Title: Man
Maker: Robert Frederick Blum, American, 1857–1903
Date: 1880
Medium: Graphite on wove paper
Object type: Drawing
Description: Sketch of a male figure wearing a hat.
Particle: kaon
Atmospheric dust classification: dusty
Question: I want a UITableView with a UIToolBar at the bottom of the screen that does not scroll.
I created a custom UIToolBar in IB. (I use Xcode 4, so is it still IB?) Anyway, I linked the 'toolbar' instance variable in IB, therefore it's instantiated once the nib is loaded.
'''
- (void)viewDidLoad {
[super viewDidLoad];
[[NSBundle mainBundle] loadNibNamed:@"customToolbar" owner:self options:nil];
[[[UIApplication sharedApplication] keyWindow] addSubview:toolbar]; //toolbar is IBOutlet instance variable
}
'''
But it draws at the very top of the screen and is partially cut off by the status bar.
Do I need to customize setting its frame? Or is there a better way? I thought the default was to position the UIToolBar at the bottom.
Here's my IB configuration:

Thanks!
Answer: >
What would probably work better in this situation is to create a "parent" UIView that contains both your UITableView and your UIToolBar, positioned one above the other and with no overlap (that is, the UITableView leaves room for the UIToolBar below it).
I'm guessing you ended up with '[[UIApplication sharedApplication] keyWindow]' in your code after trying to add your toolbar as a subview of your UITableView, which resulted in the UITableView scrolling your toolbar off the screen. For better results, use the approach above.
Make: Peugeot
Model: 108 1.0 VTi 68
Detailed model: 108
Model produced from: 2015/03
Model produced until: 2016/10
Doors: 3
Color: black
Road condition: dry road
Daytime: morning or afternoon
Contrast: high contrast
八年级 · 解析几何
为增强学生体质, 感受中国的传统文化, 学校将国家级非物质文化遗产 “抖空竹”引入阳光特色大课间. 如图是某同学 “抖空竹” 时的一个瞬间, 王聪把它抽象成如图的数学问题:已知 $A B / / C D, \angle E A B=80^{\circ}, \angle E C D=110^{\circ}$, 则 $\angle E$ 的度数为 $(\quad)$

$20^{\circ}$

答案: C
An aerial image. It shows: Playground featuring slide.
...
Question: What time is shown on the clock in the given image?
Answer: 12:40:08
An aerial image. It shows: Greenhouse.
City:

> [Work order] Your answer must be every line from the listing above that holds the string "aerial".

> [Solution for this problem]
An aerial image. It shows: Playground featuring slide.
An aerial image. It shows: Greenhouse.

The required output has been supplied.